La campagne auvergnate, plutôt que l’étranger

C’est le cas de Anne, 53 ans, domiciliée à Bordeaux. Chaque année, avec son mari, elle explore un pays différent : Irlande, Maroc, Écosse, Italie, Égypte, États-Unis... « Mais cette année, l’étranger me fait un peu peur, avoue-t-elle. Je connais des personnes qui sont restées bloquées dans un pays plusieurs semaines à cause de la crise sanitaire. On sait quand on part mais on ne sait pas trop quand on revient ! » Face à ces incertitudes, le couple a décidé de rester en France cette année, en réservant un logement dans le Cantal. « On avait envie de vert, et de ne pas voir trop de monde.
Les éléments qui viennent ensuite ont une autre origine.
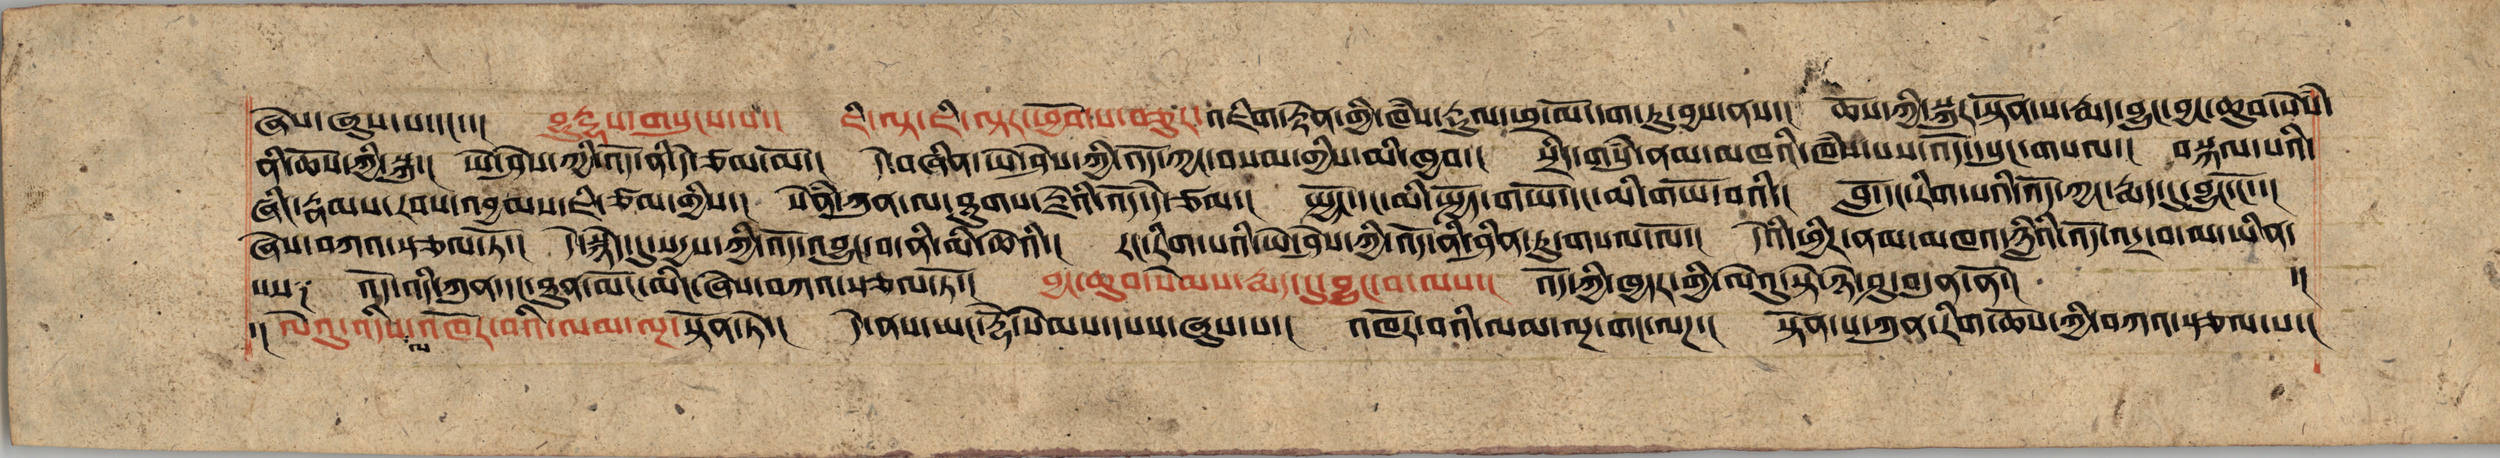ཞེས་ཞུས་པ་དང་་། བྷུཏྡྷས་གསུངས་པ་། ཇི་ལྟ་ཇི་ལྟར་ཕྱོགས་བཅུར་འཇིག་རྟེན་གྱི་ཁཾས་རྡུལ་ཕྲ་མོ་དག་ཏུ་བྱས་ནས་། ཆོས་ཀྱི་སྐུར་སྟོན་པ་རྨད་བྱུང་བྱང་ཆུབ་སེཾས་
ནི་ཆོས་ཀྱི་སྐུ་། ཡེ་ཤེས་ཀྱི་འོད་ནི་དེ་ཙམ་མོ་། དེ་བཞིན་ཡེ་ཤེས་ཀྱི་འོད་ཀྱང་བསམ་གྱིས་མི་ཁྱབ་། སྲིད་གསུཾ་ནམ་མཁའི་ཁཾས་པས་འདོད་དཔུང་གསལ་། བསྐལ་པའི་
ཞིང་རྣམས་རབས་འབྱམས་ཇི་ཙམ་གྱིས་། སེནཾ་ཀུན་ལ་ཐུགས་རྗེའི་འོད་དེ་ཙམ་། སྤྱོད་དང་མི་སྤྱོད་གཡོ་དང་མི་གཡོ་བའི་། བློ་དང་རིག་པའི་འོད་ཀྱང་རྨད་དུ་བྱུང་ངོ་་།
ཞེས་བཀའ་སྩལ་ཏོ་། དེ་སྙེད་དུ་སདྱས་ཀྱི་འོད་འབྱུང་བ་ནི་མི་ཆེའི་། རང་རིག་པའི་ཡེ་ཤེས་ཀྱི་འདོ་ནི་ཤིན་ཏུ་གསལ་ལོ་། དེའི་ཕྱིར་ནམ་མཁའ་ཉླིའི་འོད་འདྲ་བ་མ་ཡིན་
པས༑ འོད་འདི་ཀུན་དང་ཐུན་མོང་མིང་ཞེས་བཀའ་སྩལ་ཏོ་། བྱང་ཆུབ་སེམས་རྨད་དུ་བྱུང་བ་ལས་། འོད་ཀྱི་ཁྱདར་གྱི་ལེའུ་སྟེ་ཉེ་ཤུ་བདུན་ནོ་།
་།ལེའུ་འདིས་ལ་འཁོར་བའི་ལམ་ལྔ་སྟོན་ཏེ་། དེ་ནས་ཡང་རྡོེ་སེམས་དཔས་ཞུས་པ་། འཁོར་བའི་ལམ་ལྔ་གང་ལཌ་། སྟོན་པ་ཀུན་རིག་ཆོས་ཀྱི་བཀའ་སྩལ་པ་།

Je n’ai jamais trop aimé la foule, mais ce besoin de nature s’est vraiment amplifié avec la Covid. » Anne se laisse aussi une certaine souplesse sur le programme de cette semaine en Auvergne. « La seule chose que nous avons prévu, c’est de faire un restaurant trois étoiles ! Ensuite, certainement des petites randonnées, et simplement passer du temps tranquille. » Si ses vacances 2021 seront très « slow », Anne ne compte pas pour autant renoncer complètement à explorer le monde, elle qui « rêve depuis longtemps des Seychelles » et se verrait tout à fait s'offrir un séjour au Japon. « Mais depuis quelque temps, mon mari se questionne sur le transport aérien. On adore voyager, mais notre conscience écologique nous fait réfléchir. »

Un tour des amis en France

Maud, quant à elle, profite cette année de la crise sanitaire pour réaliser un vieux projet : une grande randonnée en France à vélo. « J’avais pourtant prévu d’accompagner mon compagnon dans sa famille en Tunisie. J’ai beaucoup hésité avant d’y renoncer. Mais j’avais peur de devoir rester coincée là-bas, et que sur place il n’y ait pas grand chose à faire. Si c’est pour rester deux semaines enfermée dans une maison, pas question ! », explique la Toulousaine de 33 ans. Finalement, elle a choisi l’option sport et copains. « J’étais déjà partie plusieurs jours à vélo à deux l’an dernier et j’avais très envie de recommencer, seule cette fois-ci. Je me suis dit que ce serait l’occasion d’aller voir des amis dans plusieurs endroits de France, où je ne vais pas forcément souvent. J’ai tracé mon itinéraire, complété mes équipements, et j’ai hâte de partir. D’autant que je peux prendre mon temps à chaque étape, rester chez les uns ou chez les autres deux ou trois jours, avant de repartir. En somme, faire un peu au jour le jour et selon l’humeur du moment...et selon la météo aussi ! »

Le regard d’un « slow-traveller » aguerri

Maud est loin d’être la seule à passer ses vacances d’été à deux roues. Mathieu Mouillet, « globe-trotter lent » depuis plus de quinze ans*, fait remarquer qu' « il existe un engouement pour le vélo et les mobilités douces qui fait plaisir à voir. Les itinéraires à vélo rivalisent pour booster leur visibilité sur les réseaux sociaux. Les groupes dédiés aux voyages à vélo explosent », poursuit-il. Cependant, il a constaté un autre phénomène, aux antipodes des valeurs prônées par le slow tourisme : « je vois des voyagistes qui envoient des newsletters "retour à la case départ" et proposent des séjours courts à l’autre bout de la planète, après nous avoir parlé d’écologie pendant un an… » Car, les envies impulsives de voyages dépaysants façon bulle d’oxygène, pour couper rapidement et efficacement avec le quotidien, ont bel et bien fait partie des conséquences, elles aussi, de la crise sanitaire.

De son côté, Mathieu a tout simplement arrêté de voyager avec le Covid. Un temps qu’il a mis à profit pour écrire le récit de son tour du monde à vélo réalisé vingt ans plus tôt. En attendant sa parution, son premier livre, « La diagonale du vide, un voyage exotique en France », dans lequel il raconte son « road-trip à 4km/ heure » dans la France rurale, sera une excellente lecture de (slow) vacances pour cet été.

 

* Ses carnets de voyage et ses réflexions sur le slow tourisme sont à retrouver sur son blog.